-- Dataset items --
——
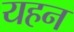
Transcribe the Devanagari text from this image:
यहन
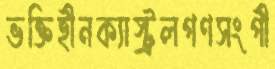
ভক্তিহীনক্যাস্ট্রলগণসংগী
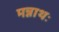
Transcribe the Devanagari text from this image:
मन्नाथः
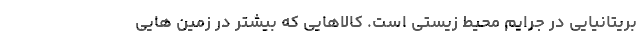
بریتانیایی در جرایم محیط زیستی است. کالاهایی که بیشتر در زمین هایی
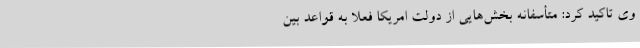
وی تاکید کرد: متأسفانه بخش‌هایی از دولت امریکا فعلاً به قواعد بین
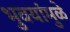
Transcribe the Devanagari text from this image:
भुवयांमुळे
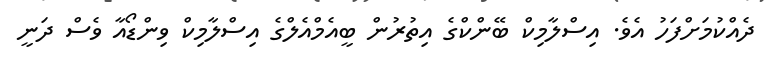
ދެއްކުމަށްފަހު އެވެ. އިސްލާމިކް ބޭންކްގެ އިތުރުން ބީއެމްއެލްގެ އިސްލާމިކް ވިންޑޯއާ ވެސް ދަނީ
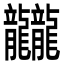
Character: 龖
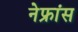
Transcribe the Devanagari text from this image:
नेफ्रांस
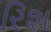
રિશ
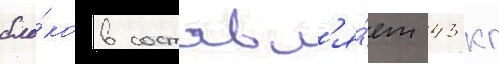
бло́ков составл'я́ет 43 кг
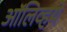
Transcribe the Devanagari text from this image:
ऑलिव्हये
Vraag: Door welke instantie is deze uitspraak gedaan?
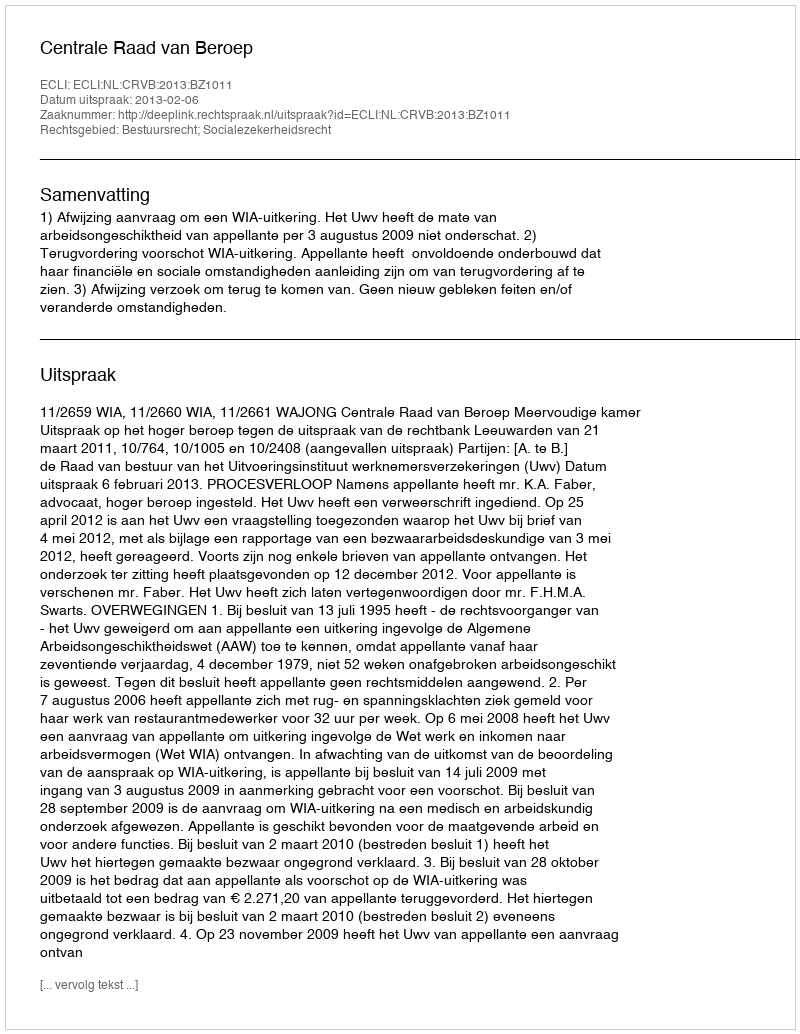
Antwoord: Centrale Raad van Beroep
——
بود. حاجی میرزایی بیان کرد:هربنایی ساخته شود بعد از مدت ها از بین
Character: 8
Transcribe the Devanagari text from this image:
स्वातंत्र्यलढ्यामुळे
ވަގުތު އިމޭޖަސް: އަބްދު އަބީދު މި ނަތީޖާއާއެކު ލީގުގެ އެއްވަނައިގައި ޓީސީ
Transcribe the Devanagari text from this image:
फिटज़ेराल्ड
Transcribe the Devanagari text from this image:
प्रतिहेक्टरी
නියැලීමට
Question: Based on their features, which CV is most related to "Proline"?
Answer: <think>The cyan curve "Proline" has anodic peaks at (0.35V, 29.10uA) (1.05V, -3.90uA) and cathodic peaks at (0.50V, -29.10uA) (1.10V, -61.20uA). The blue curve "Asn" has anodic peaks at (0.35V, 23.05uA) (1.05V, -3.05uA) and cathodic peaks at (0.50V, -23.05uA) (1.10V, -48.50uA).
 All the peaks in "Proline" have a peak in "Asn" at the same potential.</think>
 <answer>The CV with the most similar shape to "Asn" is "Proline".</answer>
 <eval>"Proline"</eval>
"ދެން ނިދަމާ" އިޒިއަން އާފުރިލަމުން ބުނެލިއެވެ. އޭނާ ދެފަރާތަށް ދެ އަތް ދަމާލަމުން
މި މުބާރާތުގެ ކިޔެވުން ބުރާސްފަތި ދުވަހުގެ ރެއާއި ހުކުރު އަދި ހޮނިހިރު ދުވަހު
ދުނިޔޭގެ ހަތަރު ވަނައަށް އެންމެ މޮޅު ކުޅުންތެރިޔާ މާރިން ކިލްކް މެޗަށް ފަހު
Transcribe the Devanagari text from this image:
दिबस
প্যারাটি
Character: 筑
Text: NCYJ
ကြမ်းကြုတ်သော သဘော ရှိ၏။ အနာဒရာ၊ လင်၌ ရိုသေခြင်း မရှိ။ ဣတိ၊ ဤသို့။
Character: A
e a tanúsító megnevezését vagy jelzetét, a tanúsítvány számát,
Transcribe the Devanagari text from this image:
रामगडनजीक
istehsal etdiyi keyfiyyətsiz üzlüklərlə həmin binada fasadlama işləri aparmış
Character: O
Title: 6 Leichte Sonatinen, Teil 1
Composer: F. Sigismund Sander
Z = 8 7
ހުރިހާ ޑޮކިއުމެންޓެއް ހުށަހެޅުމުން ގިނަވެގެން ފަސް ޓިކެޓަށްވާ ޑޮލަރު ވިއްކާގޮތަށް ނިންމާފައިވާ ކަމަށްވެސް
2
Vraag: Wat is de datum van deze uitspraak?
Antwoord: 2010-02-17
——
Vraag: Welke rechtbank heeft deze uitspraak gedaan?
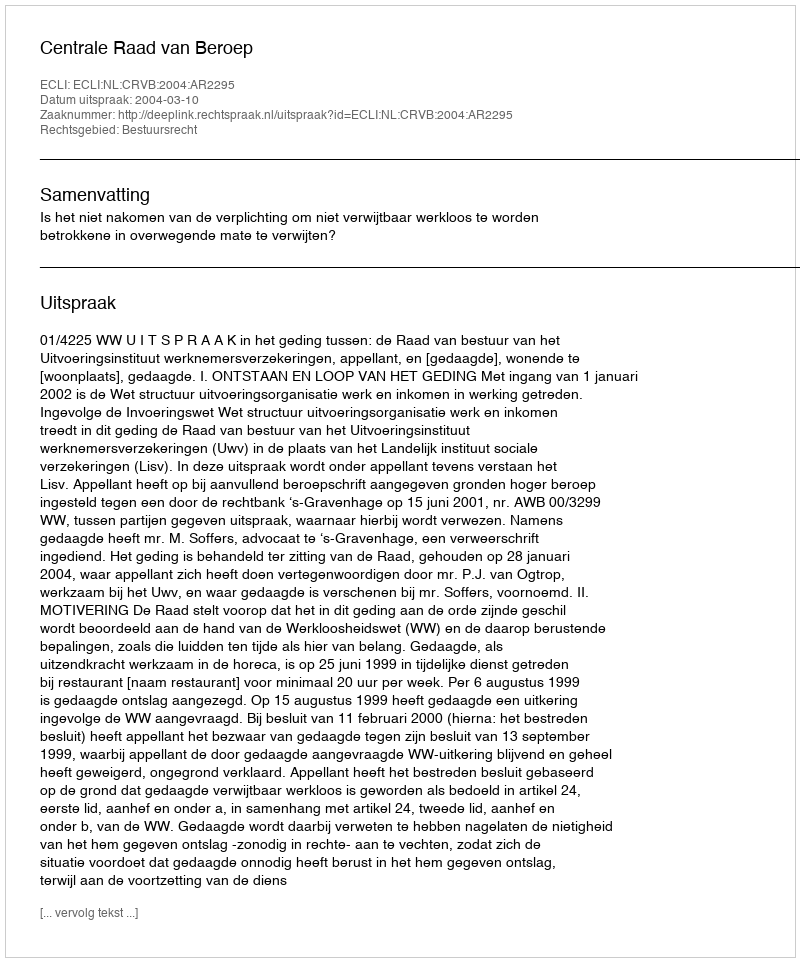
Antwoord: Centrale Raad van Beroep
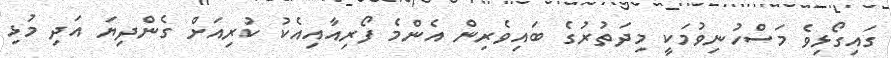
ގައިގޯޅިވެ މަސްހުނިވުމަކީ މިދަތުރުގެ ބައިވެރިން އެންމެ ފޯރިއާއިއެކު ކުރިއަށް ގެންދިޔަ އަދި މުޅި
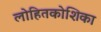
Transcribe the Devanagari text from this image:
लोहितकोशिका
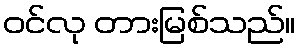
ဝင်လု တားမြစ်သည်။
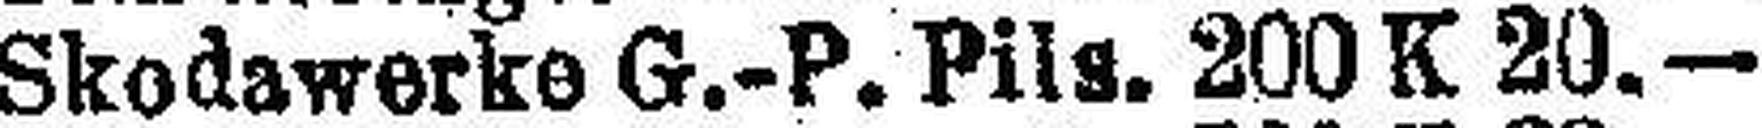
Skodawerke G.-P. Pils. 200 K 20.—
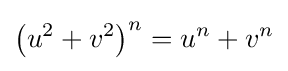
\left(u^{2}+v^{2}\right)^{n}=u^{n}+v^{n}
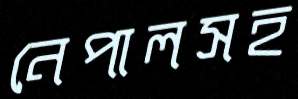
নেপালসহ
——
-- Instructions to follow --
Only the lines above from the line containing "Character: 筑" through the line containing "Antwoord: 2010-02-17" should be retyped, exactly and with both ends included.

-- Answer to the problem --
Character: 筑
Text: NCYJ
ကြမ်းကြုတ်သော သဘော ရှိ၏။ အနာဒရာ၊ လင်၌ ရိုသေခြင်း မရှိ။ ဣတိ၊ ဤသို့။
Character: A
e a tanúsító megnevezését vagy jelzetét, a tanúsítvány számát,
Transcribe the Devanagari text from this image:
रामगडनजीक
istehsal etdiyi keyfiyyətsiz üzlüklərlə həmin binada fasadlama işləri aparmış
Character: O
Title: 6 Leichte Sonatinen, Teil 1
Composer: F. Sigismund Sander
Z = 8 7
ހުރިހާ ޑޮކިއުމެންޓެއް ހުށަހެޅުމުން ގިނަވެގެން ފަސް ޓިކެޓަށްވާ ޑޮލަރު ވިއްކާގޮތަށް ނިންމާފައިވާ ކަމަށްވެސް
2
Vraag: Wat is de datum van deze uitspraak?
Antwoord: 2010-02-17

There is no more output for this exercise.